Patient Rated Wrist Evaluation scale

Quick-DASH

Quick Disabilities of Arm, Shoulder and Hand score

CMC

Carpometacarpal instability

IBA

International Boxing Association

ECRB

Extensor Carpi Radialis Brevis

Author contributions

VG designed the study, did the literature search, organized and sent the questionnaires, interpreted the data and wrote the manuscript. AP supervised the study and edited the final manuscript. PA did the literature search, organized and sent the questionnaires. SG did the literature search and helped to the design of questionnaires. JL made the statistical analysis. AK reviewed the final manuscript. All authors read and approved the final manuscript.

Funding

There was no funding during the design of the study and collection, analysis, interpretation of data and in writing the manuscript.

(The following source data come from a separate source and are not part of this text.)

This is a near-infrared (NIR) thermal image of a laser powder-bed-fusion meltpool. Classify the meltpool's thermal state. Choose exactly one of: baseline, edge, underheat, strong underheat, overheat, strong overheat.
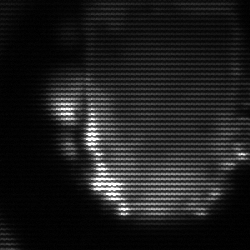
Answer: baseline
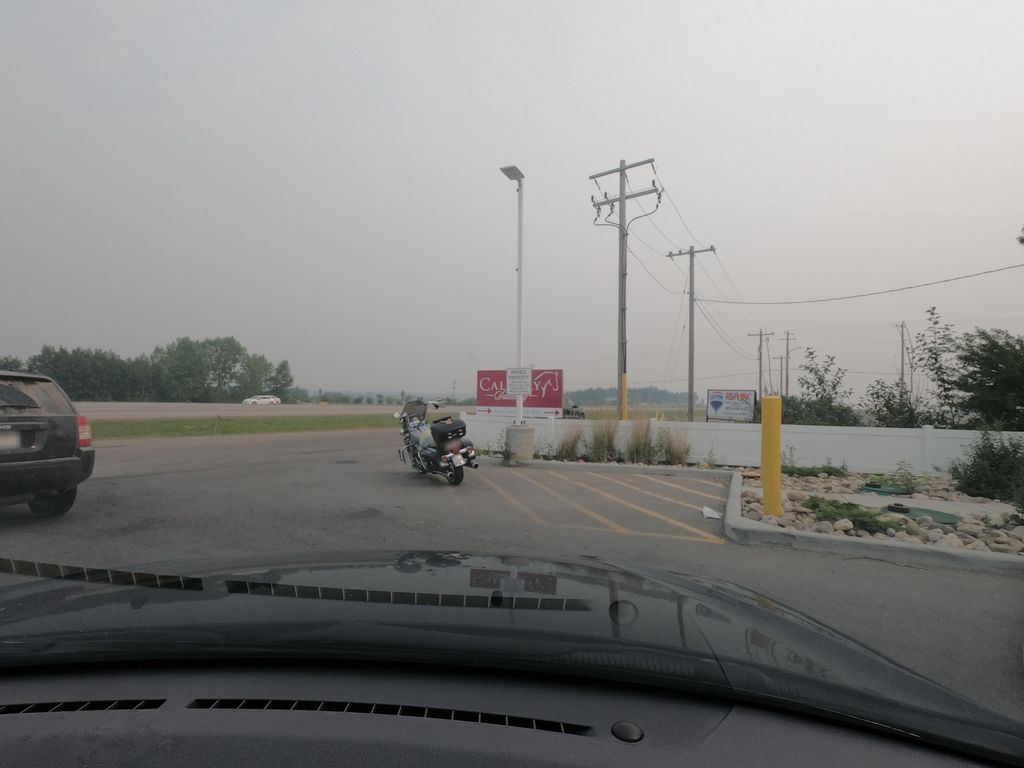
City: calgary
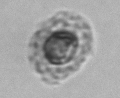
Label: Emiliania_huxleyi
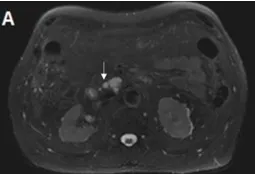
Axial fat-suppressed T2-weighted MRI sequences. Presence of a BD-IPMN located in the head of the pancreas measuring 22 x 17 mm (white arrow).
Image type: radiology (mri)
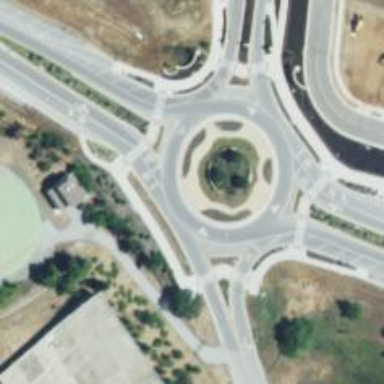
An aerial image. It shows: Secondary road leading to roundabout.
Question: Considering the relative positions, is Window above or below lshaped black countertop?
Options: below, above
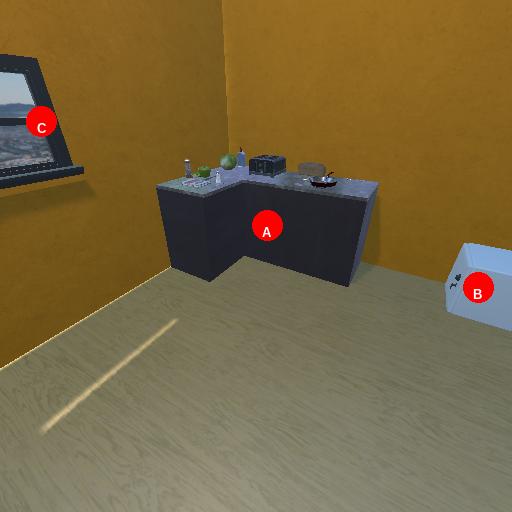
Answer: below
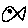
Label: fish
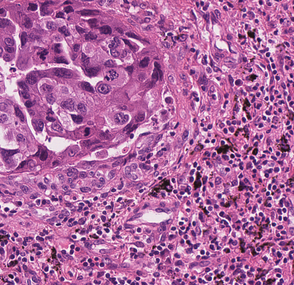
Tumor epithelial tissue: yes
Tumor-associated stroma tissue: yes
Normal tissue: no
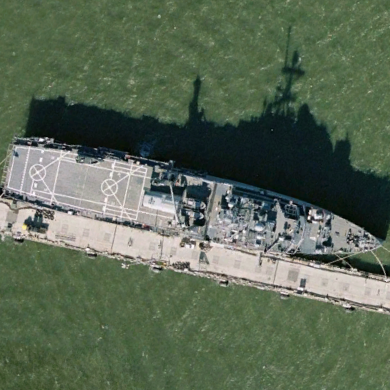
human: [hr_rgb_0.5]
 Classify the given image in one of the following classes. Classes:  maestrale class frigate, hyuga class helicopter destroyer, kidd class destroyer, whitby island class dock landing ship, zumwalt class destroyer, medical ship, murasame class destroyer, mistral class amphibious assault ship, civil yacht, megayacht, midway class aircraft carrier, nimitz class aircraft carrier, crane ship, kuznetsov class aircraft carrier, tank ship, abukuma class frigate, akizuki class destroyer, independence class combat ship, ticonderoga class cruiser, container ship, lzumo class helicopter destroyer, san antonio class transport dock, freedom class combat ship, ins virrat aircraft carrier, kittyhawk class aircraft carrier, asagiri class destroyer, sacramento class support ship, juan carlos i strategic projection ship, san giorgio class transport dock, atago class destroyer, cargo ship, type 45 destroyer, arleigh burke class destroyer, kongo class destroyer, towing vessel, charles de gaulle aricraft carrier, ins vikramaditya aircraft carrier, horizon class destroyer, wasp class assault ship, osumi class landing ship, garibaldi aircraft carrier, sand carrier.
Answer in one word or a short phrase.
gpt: Whitby Island class dock landing ship
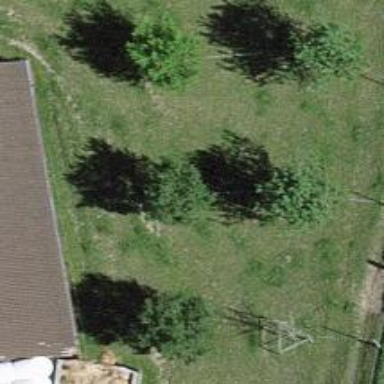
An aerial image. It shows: Beautiful tree in nature.
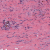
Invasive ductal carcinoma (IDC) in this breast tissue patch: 0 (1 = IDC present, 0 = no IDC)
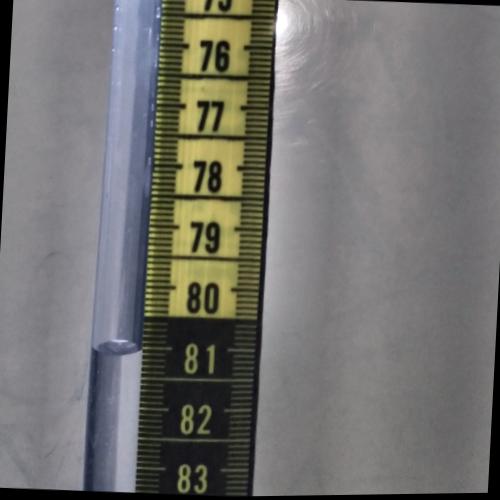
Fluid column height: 81.1 cm
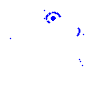
Particle: pion
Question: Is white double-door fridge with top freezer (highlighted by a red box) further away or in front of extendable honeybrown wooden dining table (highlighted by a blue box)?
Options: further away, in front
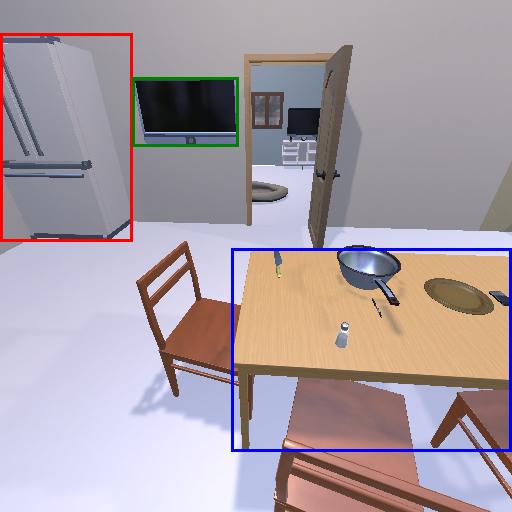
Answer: further away
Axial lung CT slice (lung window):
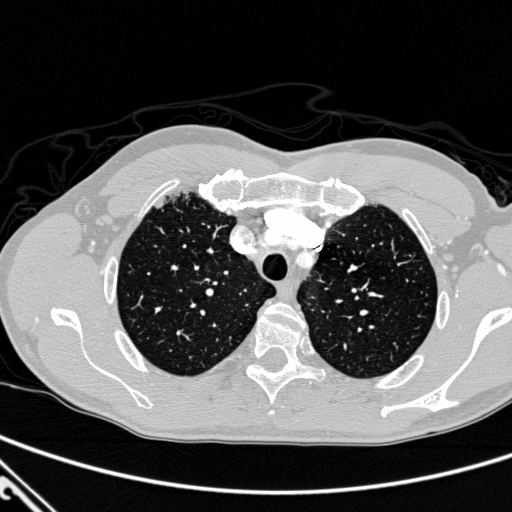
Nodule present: no
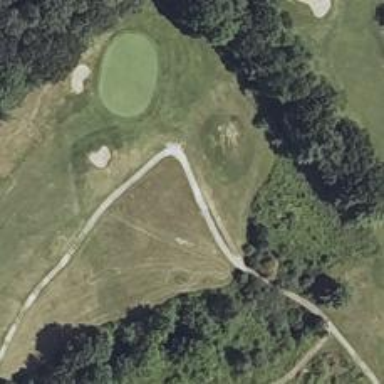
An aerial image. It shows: Service road designated as golf cart path.
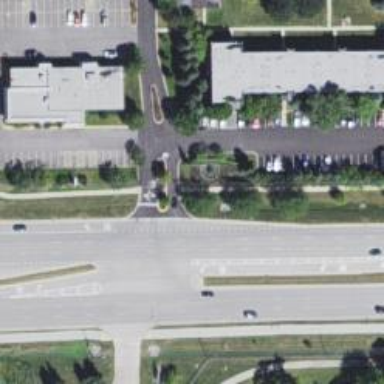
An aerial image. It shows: Footway located on traffic island.
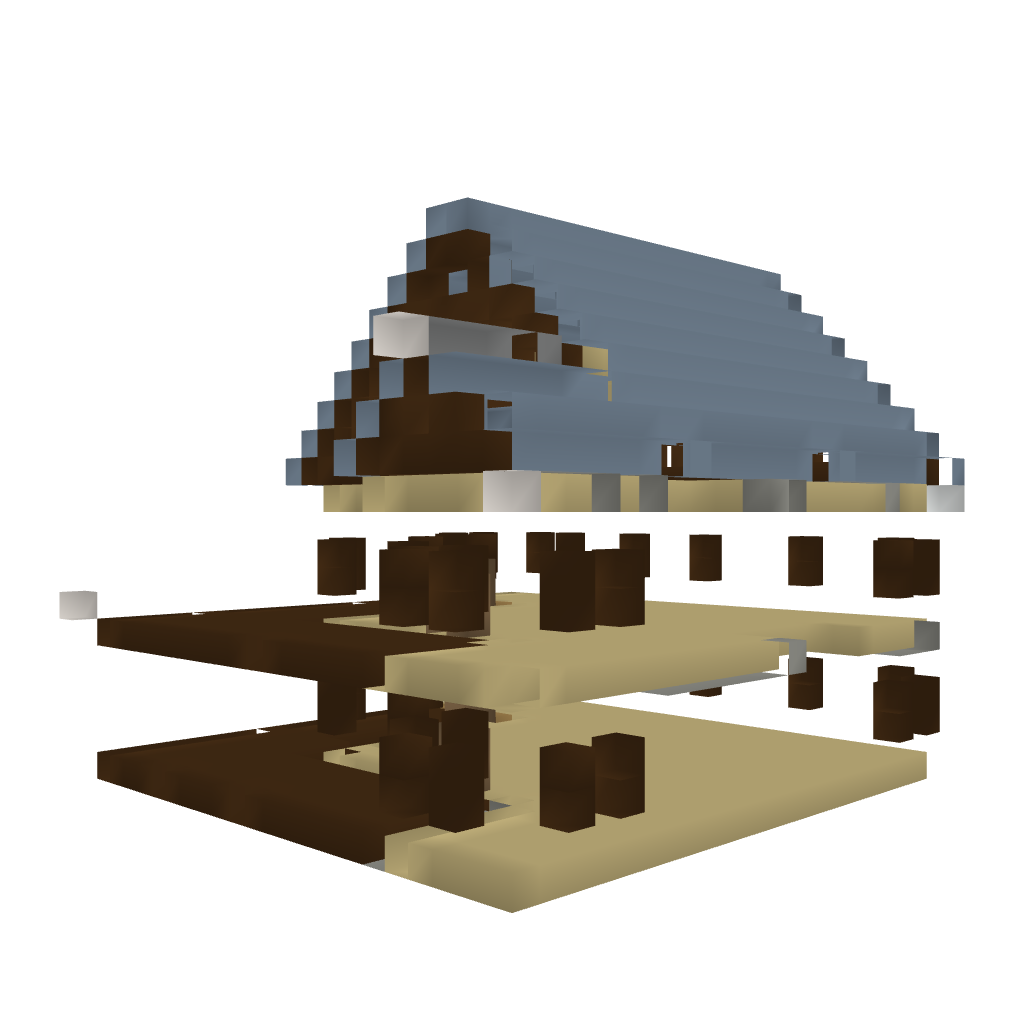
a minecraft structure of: Coloniel house on pillars
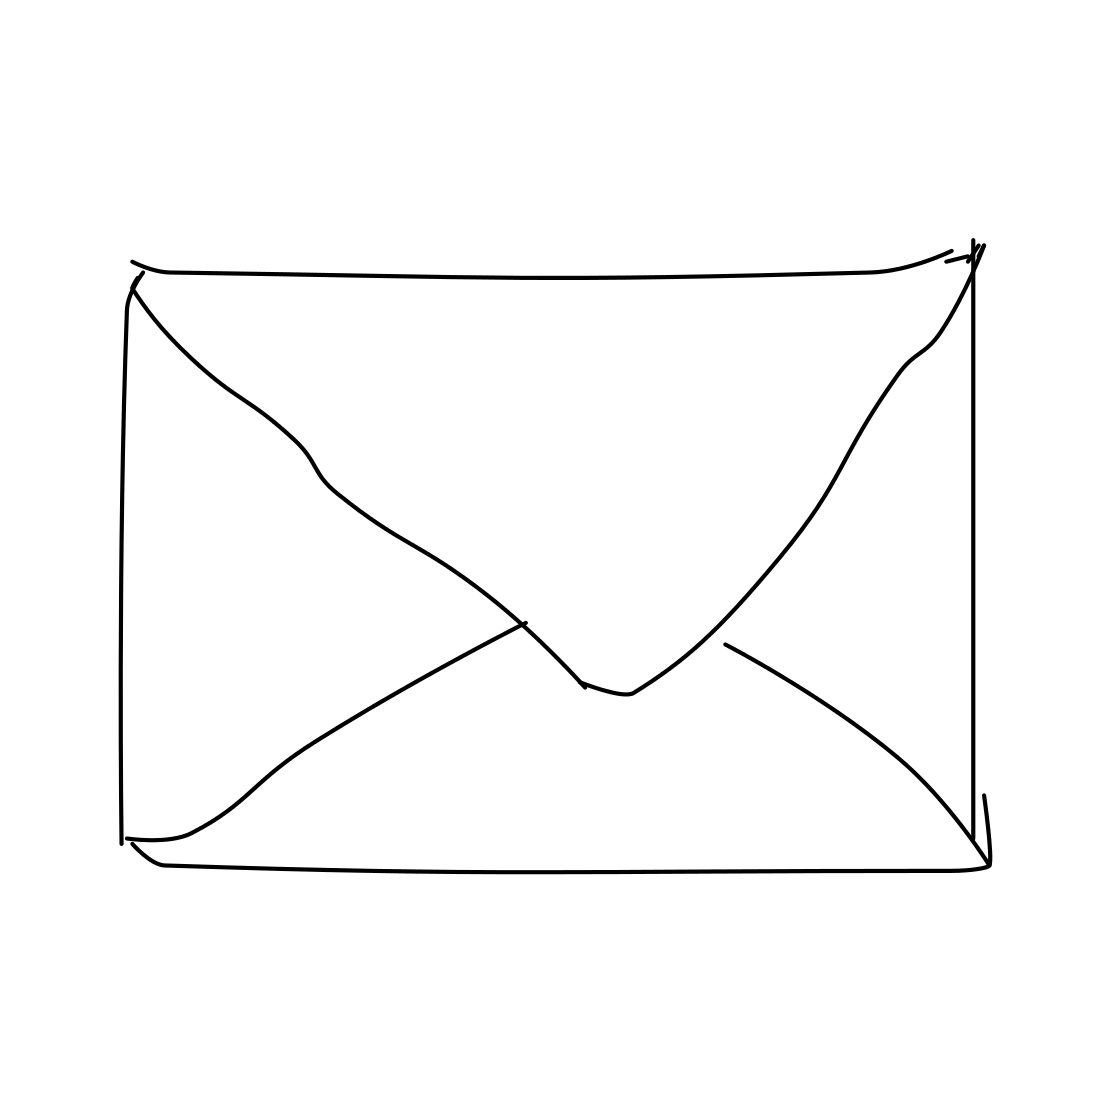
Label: envelope
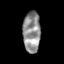
Tissue: skin
Cell type: T cells
Senescence score: 0.2061
Nuclear area (px): 703
Mean DAPI intensity: 143.605
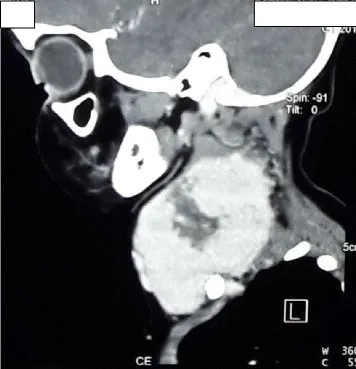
CT of neck (sagittal view).
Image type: radiology (ct)
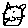
Label: cat
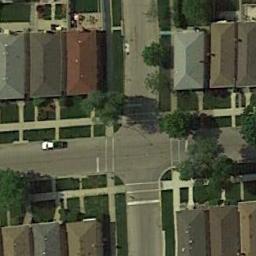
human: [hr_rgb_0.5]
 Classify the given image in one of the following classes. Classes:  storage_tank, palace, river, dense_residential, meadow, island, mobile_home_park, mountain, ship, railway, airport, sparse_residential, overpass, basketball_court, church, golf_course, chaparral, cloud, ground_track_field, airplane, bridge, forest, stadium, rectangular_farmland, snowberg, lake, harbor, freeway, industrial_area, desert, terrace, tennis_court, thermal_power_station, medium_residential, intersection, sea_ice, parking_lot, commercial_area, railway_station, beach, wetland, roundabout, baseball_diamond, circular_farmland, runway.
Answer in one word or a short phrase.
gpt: intersection
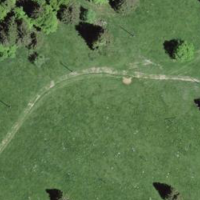
EUNIS habitat code: 41
Species observed at this site:
Lullula arborea
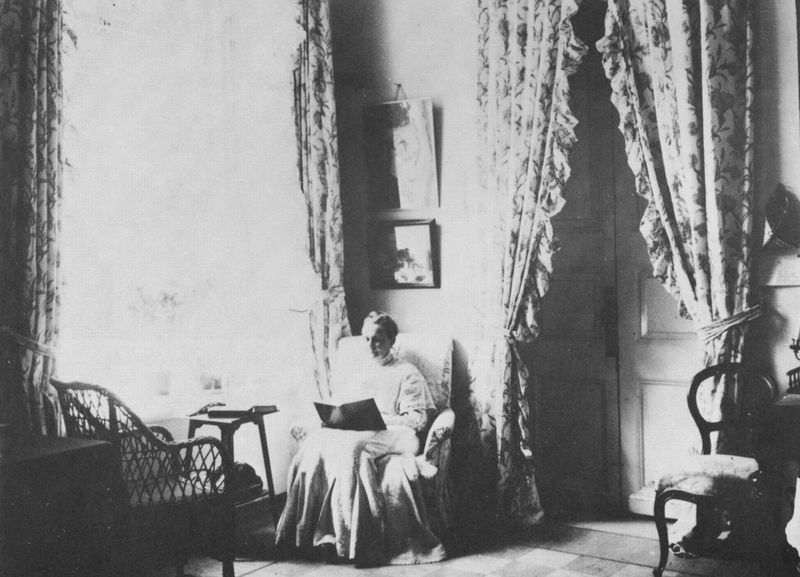
Titel: Fürst Jewgenij Nikolajewitsch Trubezkoj mit seiner Familie in ihrem Landhaus in Begutschino
Künstler: Russischer Photograph
Schlagwörter: dunkel, schatten, fenster, frau, hell, kleid, licht, raum, stuhl, stühle, tisch, tür, weiss, zimmer, dame, muster, gesicht, innenraum, möbel, vorhang, interieur, sessel, ruhig, bilder, bilderrahmen, wohnzimmer, lehnen, gardinen, polster, vorhänge, holzboden, lesen, tischchen, flügeltür, stufe, rüschen, foto, wände, helligkeit, buch, lehnstuhl, schwarz-weiß, photo, türklinke, lesend, leserin, volants, lesende, korbsessel, stores, hohe wände, witzend
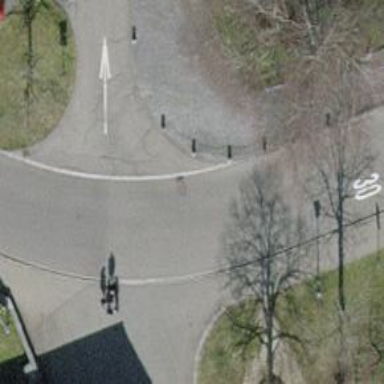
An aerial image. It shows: Bollard barrier.
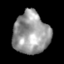
Tissue: skin
Cell type: Epithelial cells
Senescence score: 0.2561
Nuclear area (px): 1475
Mean DAPI intensity: 153.953
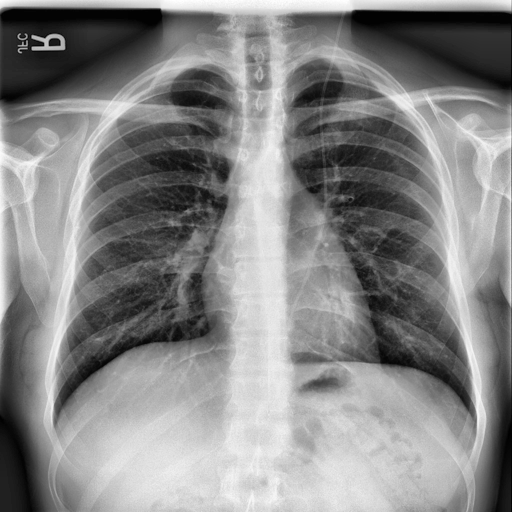
Finding: NORMAL
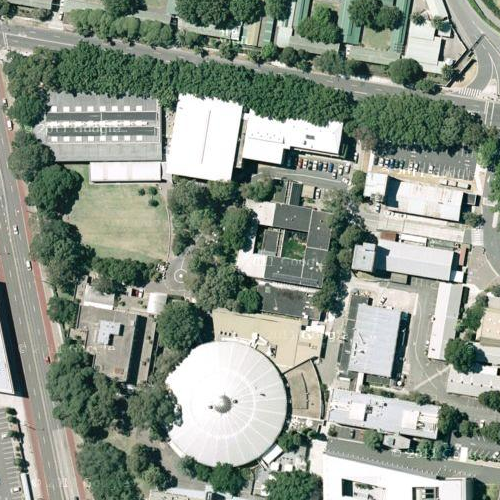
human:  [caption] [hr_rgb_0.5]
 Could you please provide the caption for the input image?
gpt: Lots of white buildings in the residential area with a lawn beside .

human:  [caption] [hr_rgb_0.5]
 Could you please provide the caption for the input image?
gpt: There are many plants on the roadside with a lawn beside .

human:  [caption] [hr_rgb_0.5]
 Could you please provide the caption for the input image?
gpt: There are many white buildings in the residential area with a lawn beside .

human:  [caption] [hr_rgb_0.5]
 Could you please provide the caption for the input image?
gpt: Many white buildings in the residential area while lots of plants on the roadside .

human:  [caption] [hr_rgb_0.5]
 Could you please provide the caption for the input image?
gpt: An residential area with many white buildings and a lawn beside .
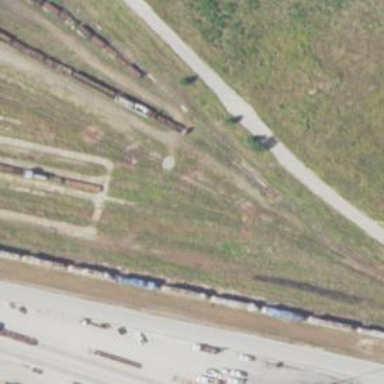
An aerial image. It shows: Rail spur service.
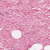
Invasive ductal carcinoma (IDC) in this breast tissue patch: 0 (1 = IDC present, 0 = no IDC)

Mail expenses have been covered by the Hospital (pre-paid envelopes).

Availability of data and materials

The datasets used and/or analyzed during the current study are available from the corresponding author on reasonable request.

Declarations

Ethics approval

Ethical approval was obtained by the Ethical Committee of Patras University Hospital (No: AΠ 231/22-11-2020).

Consent to participate

Signed Informed consent was obtained by all responders who agreed to participate. All methods were carried out in accordance with the relevant guidelines and regulations of Helsinki declaration.

Consent for publication

Not applicable as no photos, names or other details of individual medical history was published.

Competing interests

The authors declare that they have no competing interests.